Tired of the dust bunnies sucked into your computer's air-intake grill? A new technique called superwicking might finally allow scientists to build liquid-cooled computers. Experts say the method could provide a better way to cool computer hardware and could help remove one of the biggest barriers to a new generation of high-powered microprocessors. And in the meantime, it could prove a boon to tiny fluid-based sensors.
Heat is an enemy of electronics. It cooks delicate components until they become brittle and prone to failure. And the more powerful a computer chip is, the more heat it generates. Until now, the only way to cool computer hardware has been with fans. But that technique generates problems of its own, including dust accumulation that can block air intakes and induce a figurative computer meltdown.

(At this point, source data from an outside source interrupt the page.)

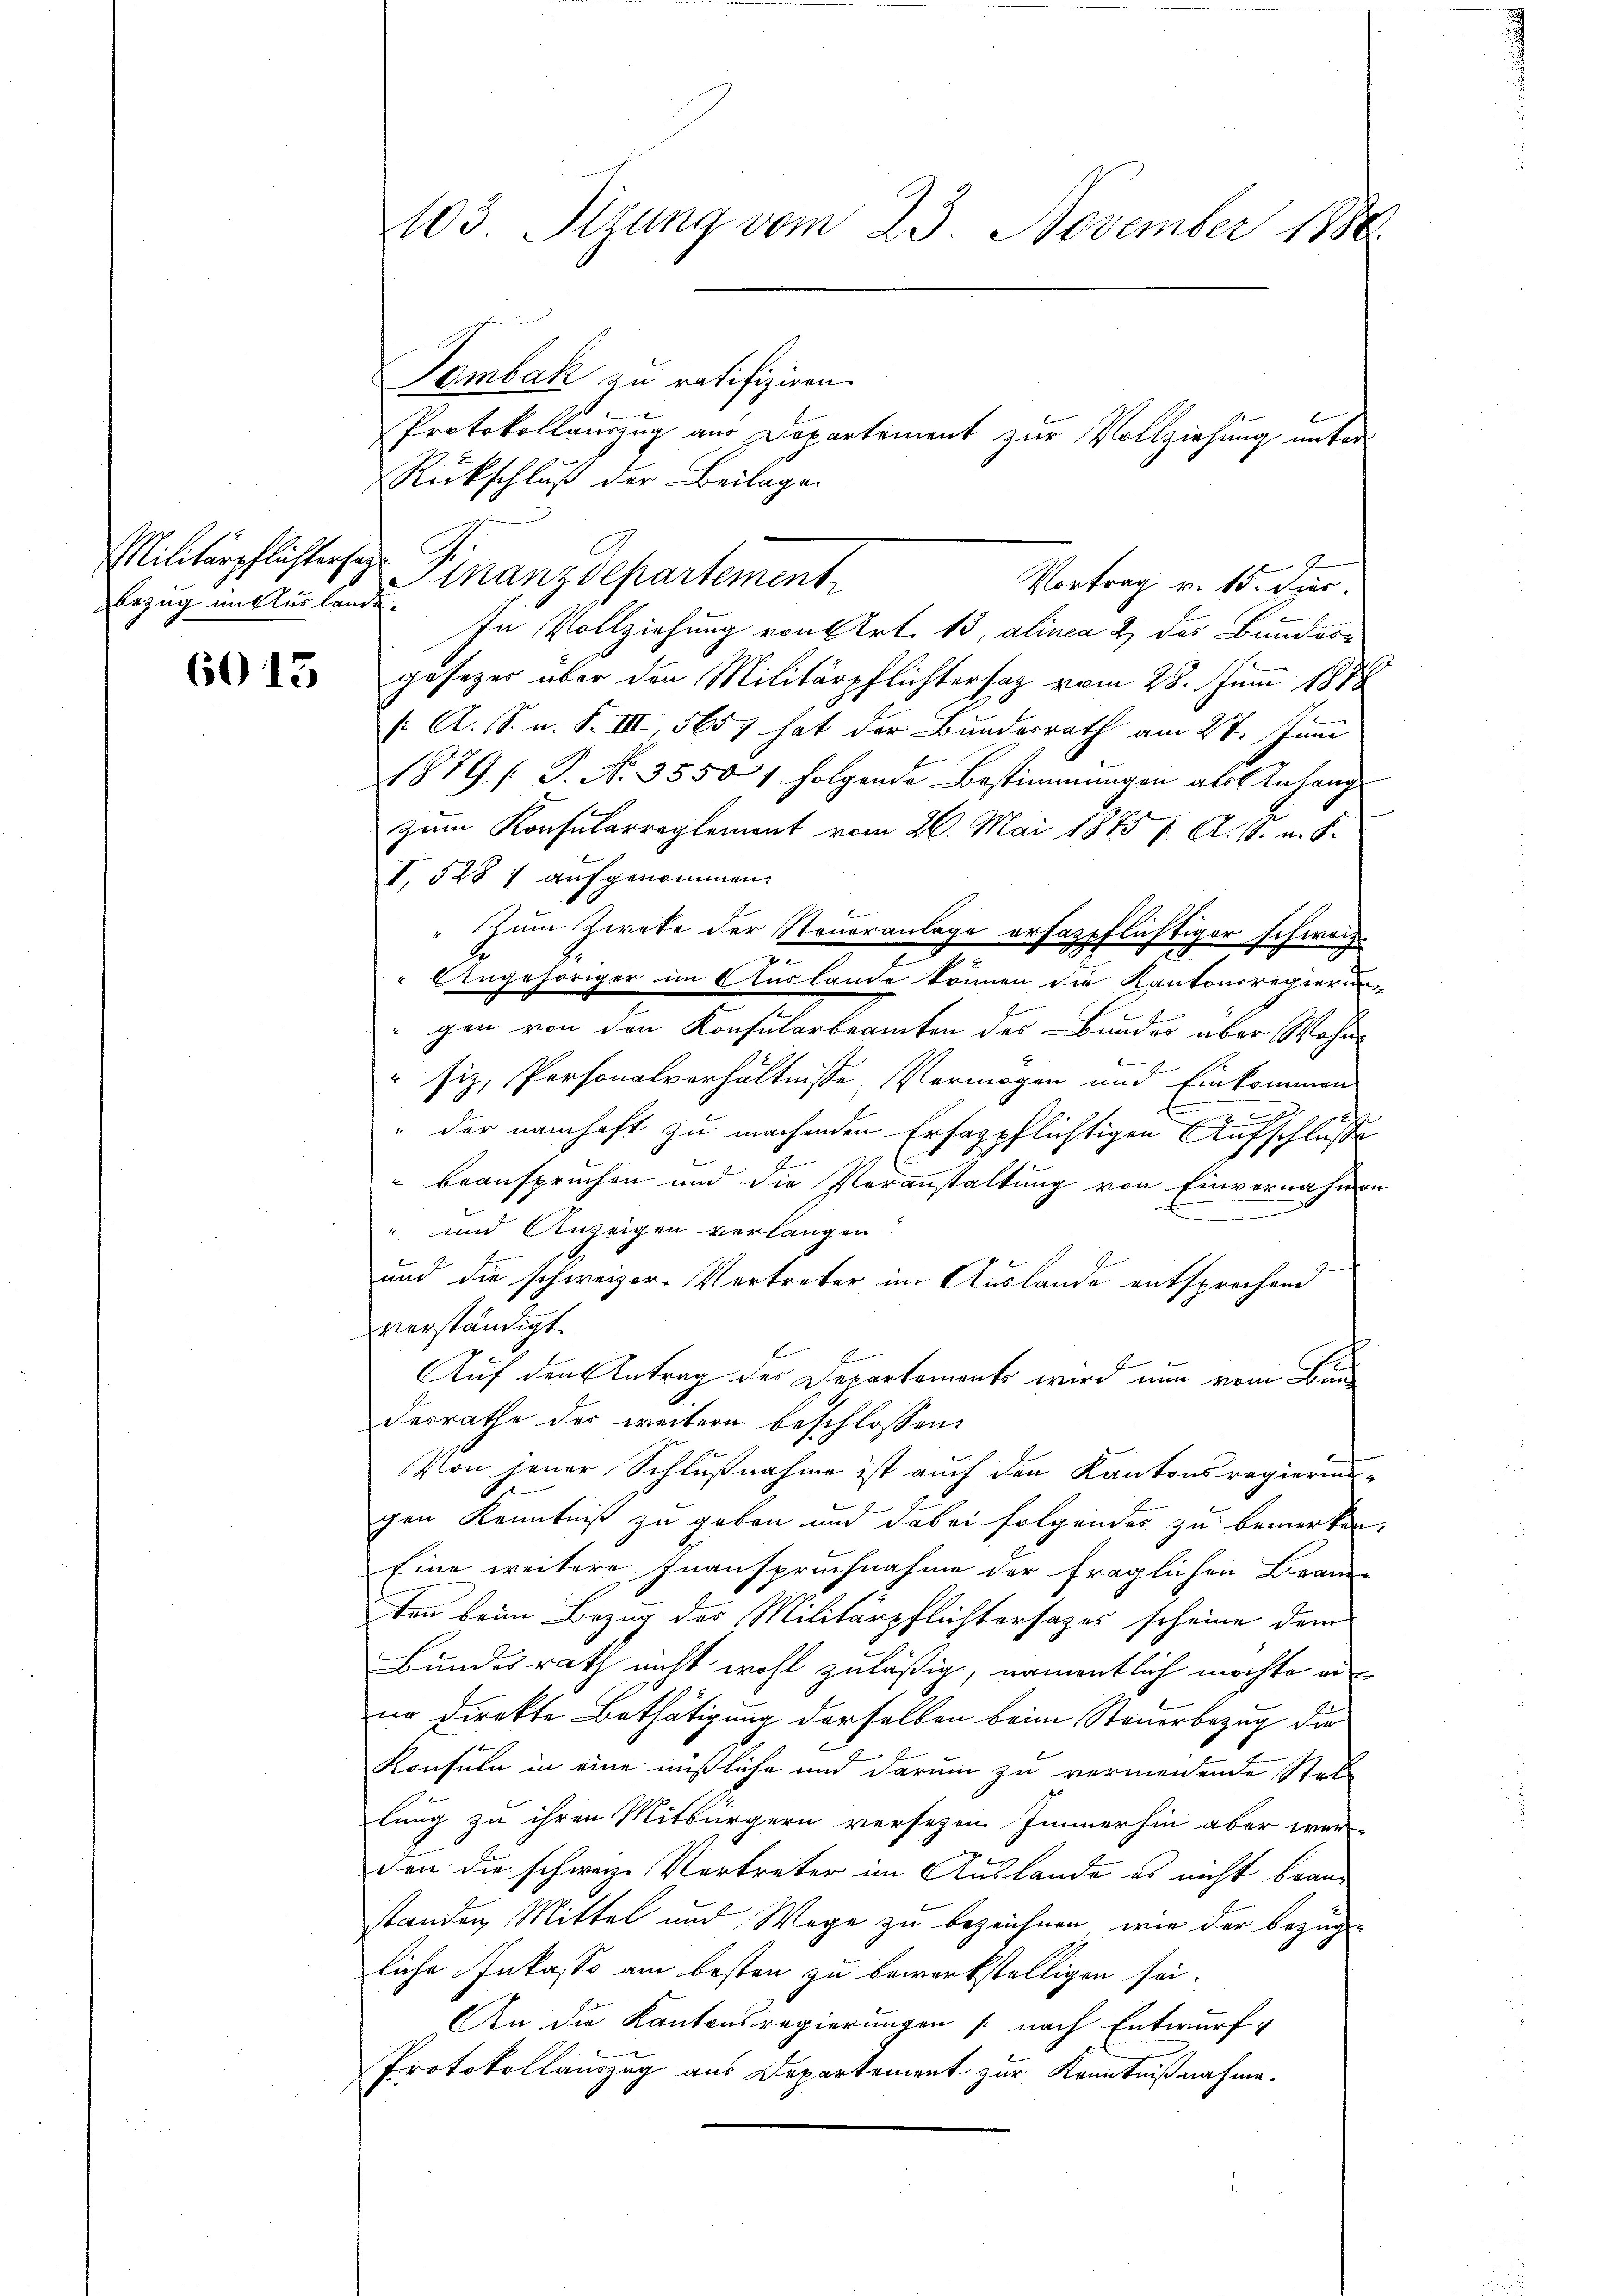
bezug unklus lande.

6013

Tombak zu ratifiziren.
Protokollauszug aus Departement zur Vollziehung unter
Rückschluß der Beilagen
Militärpflichters Finanzdepartement
In Vollziehung von Art. 13, alinea 2 des Bundesgesezer über den Militärpflichtersaz vom 28. Juni 1878
: A. S. u. S. III, 5657 hat der Bundesrath am 27. Juni
1879 / P. No. 3550 1 folgende Bestimmungen als Anhang
zum Konsularreglement vom 26. Mai 1875 / A. S. in S
I. 528 7 aufgenommen.
" zum Zwete der Steueranlage erfaspflichtiger schweiz.
u
.
" Angehöriger im Auslande können die Kantonsregierung
gen von den Konsularbeamten des Bunder über Wohns
siz, Personalverhältnisse Vermögen und Einkommen
E
 der namhaft zu machenden Erhazpflichtigen Aufschluße
 beanspruchen und die Veranstaltung von Einvernahmen
.
" und Anzeigen verlangen.
und die schweizer. Vertreter im Auslande entsprechend
verständigt.
Auf den Antrag des Departements wird nun vom Bunderrathe des weitern beschlossen:
Von jener Schlußnahme ist auch den Kantonsregierung
gen Kenntniß zu geben und dabei folgendes zu bemerken.
Eine weitere Inanspruchnahme der fraglichen Beam-
ten beim Bezug des Militärpflichtersages scheine dem
Bundesrath nicht wohl zuläßig, namentlich möchte ei
nn direkte Bethätigung derselben beim Steuerbezug die
Konsuln in eine mißliche und darum zu vermeidende Stel-
lung zu ihren Mitbürgern versetzen Immerhin aber wer
den die schweiz. Vertreter im Auslande es nicht beanstanden Mittel und Wege zu bezeichnen, wie der bezüg-
liche Inkasso am besten zu bewerkstelligen sei.
An die Kantonsregierungen (nach Entwurf,
Protokollauszug aus Departement zur Kenntnißnahme.

103 Stzung vom 23. November 1888.

Vortrag v. 15. Dir.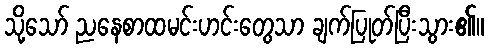
သို့သော် ညနေစာထမင်းဟင်းတွေသာ ချက်ပြုတ်ပြီးသွား၏။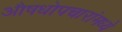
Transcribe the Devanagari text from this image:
औषधोपचारांमध्ये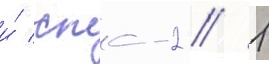
и́ спс-2 // 1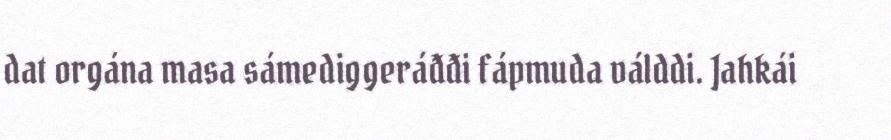
dat orgána masa sámediggeráđđi fápmuda válddi. Jahkái

So optical physicists Chunlei Guo and Anatoliy Vorobyev of the University of Rochester in New York state, like others before them, attempted to find out whether silicon chips could be cooled by water or other fluids. One challenge is that the chips are often mounted vertically inside a computer, so the coolant might have to flow uphill. A year ago, they achieved an effect called superwicking—by which the texture of a material forces water to flow upward—on metal surfaces by etching them using extremely fast, quadrillionth of a second, high-energy laser pulses. So they decided to try the same technique in silicon chips.

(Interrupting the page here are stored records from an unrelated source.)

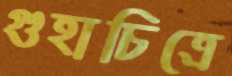
গুহাচিত্রে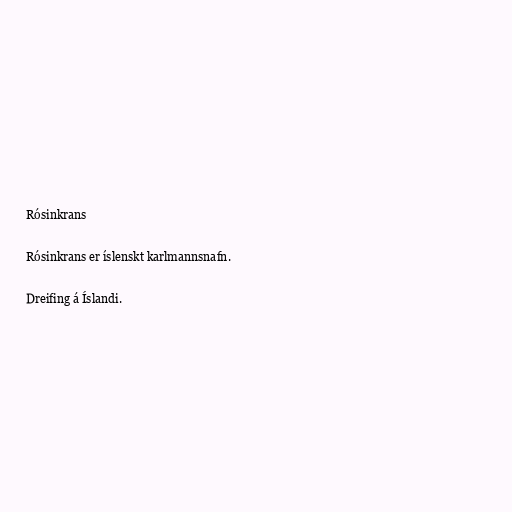
Rósinkrans

Rósinkrans er íslenskt karlmannsnafn.

Dreifing á Íslandi.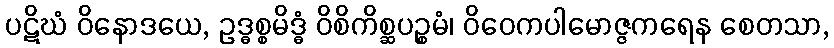
ပဋိဃံ ဝိနောဒယေ, ဥဒ္ဓစ္စမိဒ္ဓံ ဝိစိကိစ္ဆပဉ္စမံ၊ ဝိဝေကပါမောဇ္ဇကရေန စေတသာ,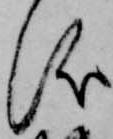
儀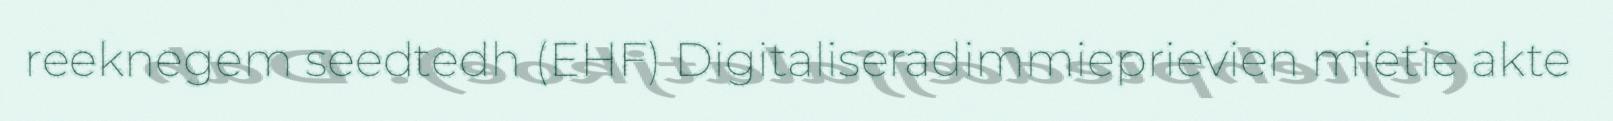
reeknegem seedtedh (EHF) Digitaliseradimmieprievien mietie akte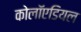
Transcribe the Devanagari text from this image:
कोलॉएडियल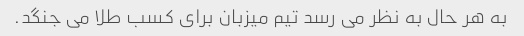
به هر حال به نظر می رسد تیم میزبان برای کسب طلا می جنگد.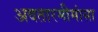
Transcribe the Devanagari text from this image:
अवतारमीमांसा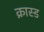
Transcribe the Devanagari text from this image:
क्रास्ड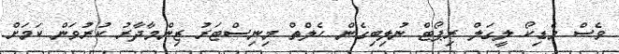
ވެސް މެޑިކޯ ލީގަލް ރިޕޯޓް ނުލިބިގެން ހެލްތް މިނިސްޓަރު ޒިންމާދާރު ކުރުވަން ކަމަށް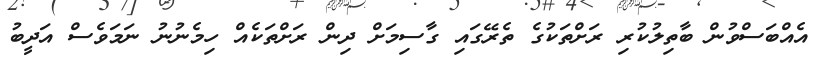
އެއްބަސްވުން ބާތިލުކުރި ރަށްތަކުގެ ތެރޭގައި ގާސިމަށް ދިން ރަށްތަކެއް ހިމެނުނު ނަމަވެސް އަދީބު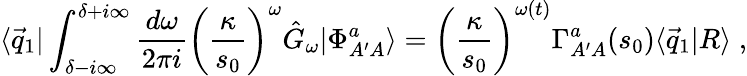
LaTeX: \langle\vec{q}_{1}|\int_{\delta-i\infty}^{\delta+i\infty}\frac{d\omega}{2\pi i}\left(\frac{\kappa}{s_{0}}\right)^{\omega}\hat{G}_{\omega}|\Phi_{A^{\prime}A}^{a}\rangle=\left(\frac{\kappa}{s_{0}}\right)^{\omega(t)}\Gamma_{A^{\prime}A}^{a}(s_{0})\langle\vec{q}_{1}|R\rangle\; ,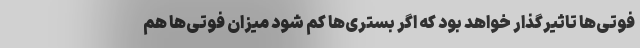
فوتی‌ها تاثیرگذار خواهد بود که اگر بستری‌ها کم شود میزان فوتی‌ها هم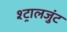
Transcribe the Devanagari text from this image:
श्ट्रालजुंट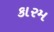
કારમ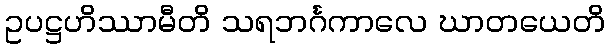
ဥပဋ္ဌဟိဿာမီတိ သရဘင်္ဂကာလေ ဃာတယေတိ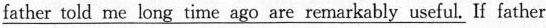
\underline{father told me long time ago are remarkably useful.} If father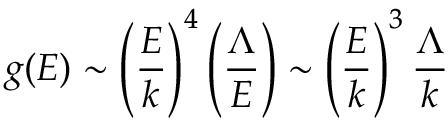
g ( E ) \sim \left( { \frac { E } { k } } \right) ^ { 4 } \left( { \frac { \Lambda } { E } } \right) \sim \left( { \frac { E } { k } } \right) ^ { 3 } { \frac { \Lambda } { k } }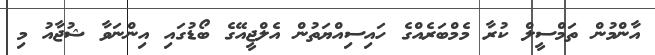
އާންމުން ތަމްސީލް ކުރާ މެމްބަރެއްގެ ހައިސިއްޔަތުން އެލްޖީއޭގެ ބޯޑުގައި އިންނަވާ ޝުޖާއު މި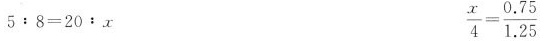
$$5 : 8 = 2 0 : x$$ $$\frac { x } { 4 } = \frac { 0 . 7 5 } { 1 . 2 5 }$$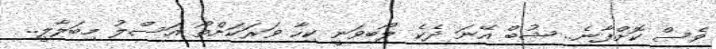
ވެސް ކޮށްފާނެ.. ޝުބް އޭނަ ދެކެ ލޯބިވަނީ ކިހާ ވަރަކަށްތޯ އަސްލު މިބަލާލީ..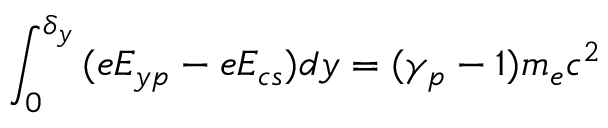
\int _ { 0 } ^ { \delta _ { y } } { ( e E _ { y p } - e E _ { c s } } ) d y = ( \gamma _ { p } - 1 ) m _ { e } c ^ { 2 }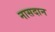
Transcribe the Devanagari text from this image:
नासदान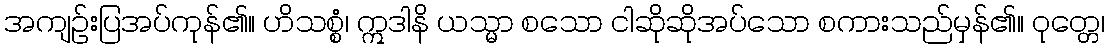
အကျဉ်းပြအပ်ကုန်၏။ ဟိသစ္စံ၊ ဣဒါနိ ယသ္မာ စသော ငါဆိုဆိုအပ်သော စကားသည်မှန်၏။ ဝုတ္တေ၊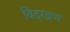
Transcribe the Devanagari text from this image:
विदरव्रण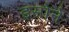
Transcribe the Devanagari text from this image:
इसोने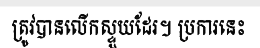
ត្រូវបានលើកស្ទួយដែរ។ ប្រការនេះ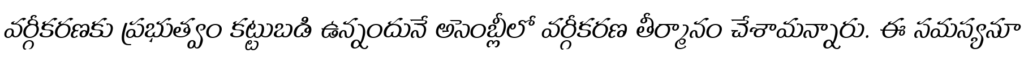
వర్గీకరణకు ప్రభుత్వం కట్టుబడి ఉన్నందునే అసెంబ్లీలో వర్గీకరణ తీర్మానం చేశామన్నారు. ఈ సమస్యనూ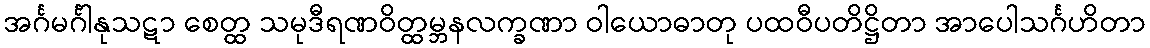
အင်္ဂမင်္ဂါနုသဋာ စေတ္ထ သမုဒီရဏဝိတ္ထမ္ဘနလက္ခဏာ ဝါယောဓာတု ပထဝီပတိဋ္ဌိတာ အာပေါသင်္ဂဟိတာ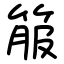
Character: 箙

The result, the researchers report today in Optics Express, is that the grooves, about 2 centimeters long and 100 microns wide, turned ordinary chips positively hydrophilic. The grooves attracted water molecules and wicked them straight up in defiance of gravity.

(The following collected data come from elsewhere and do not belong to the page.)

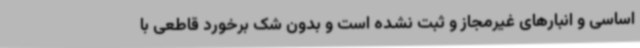
اساسی و انبارهای غیرمجاز و ثبت نشده است و بدون شک برخورد قاطعی با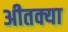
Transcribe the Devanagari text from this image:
अीतक्या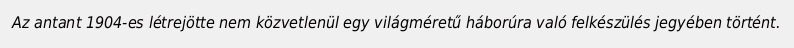
Az antant 1904-es létrejötte nem közvetlenül egy világméretű háborúra való felkészülés jegyében történt.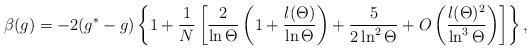
LaTeX: \begin{align*}\beta(g) = - 2 (g^* - g) \left\{ 1 + {1\over N} \left[ {2\over \ln \Theta} \left(1 + {l(\Theta)\over \ln \Theta}\right) + {5\over 2 \ln^2 \Theta} + O\left({l(\Theta)^2\over\ln^3 \Theta}\right) \right] \right\},\end{align*}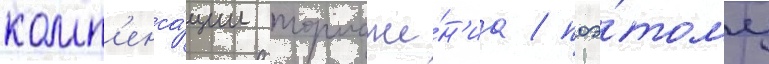
комп'енса́ции торможе́н'иа / поэ́тому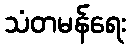
သံတမန်ရေး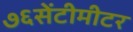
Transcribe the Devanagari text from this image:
७६सेंटीमीटर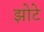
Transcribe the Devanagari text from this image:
झोटे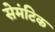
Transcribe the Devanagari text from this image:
सेमंटिक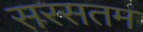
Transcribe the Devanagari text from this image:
सरसतम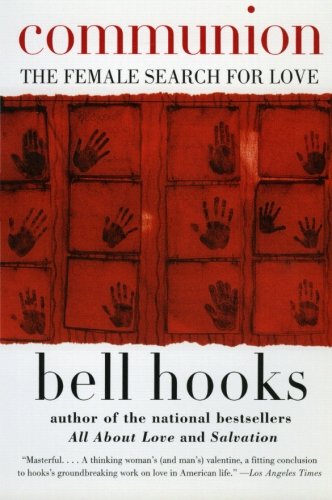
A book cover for Communion: The Female Search for Love; bell hooks; Politics & Social Sciences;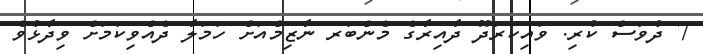
7 ދުވަސް ކުރި. ވައިކަރަދޫ ދާއިރާގެ މެންބަރ ނާޒިމްއަށް ހަމަލާ ދެއްވިކަމަށް ވިދާޅުވެ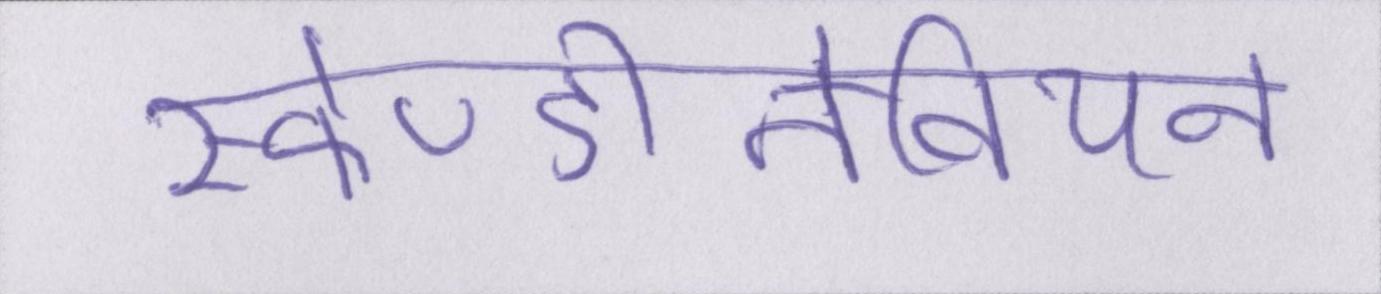
स्केण्डीनेवियन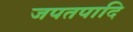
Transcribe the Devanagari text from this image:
जपतपादि

Guo adds that he and Vorobyev also conducted experiments with acetone and methanol and got the same results. That's good, he says, because the technology probably would be used in a closed-loop system such as in a conventional air conditioner, with an evaporator, condenser, and fluid running across the hot, grooved surface and carrying away heat. If so, it would require a volatile coolant that evaporates quickly.
The research "represents a benchmark contribution” to the development of liquid-cooled computers and will pave the way for new materials applications created by ultrafast lasers, says physicist Costas Fotakis, director of the Institute of Electronic Structure and Laser in Heraklion, Greece. He says the technology could produce "exciting developments in silicon-based, lab-on-a-chip applications" in which microcomputers are combined with sensing arrays.
Materials physicist J. Thomas "Tom" Dickinson of Washington State University in Pullman agrees that moving liquids through small channels is "indeed important for a number of microfluidic applications." The challenge, he says, will be in sorting out the many variables in the technology, such as the shape, depth, and number of channels, and the size of the fluid droplets. "Clearly, there are some very interesting experiments suggested," he says.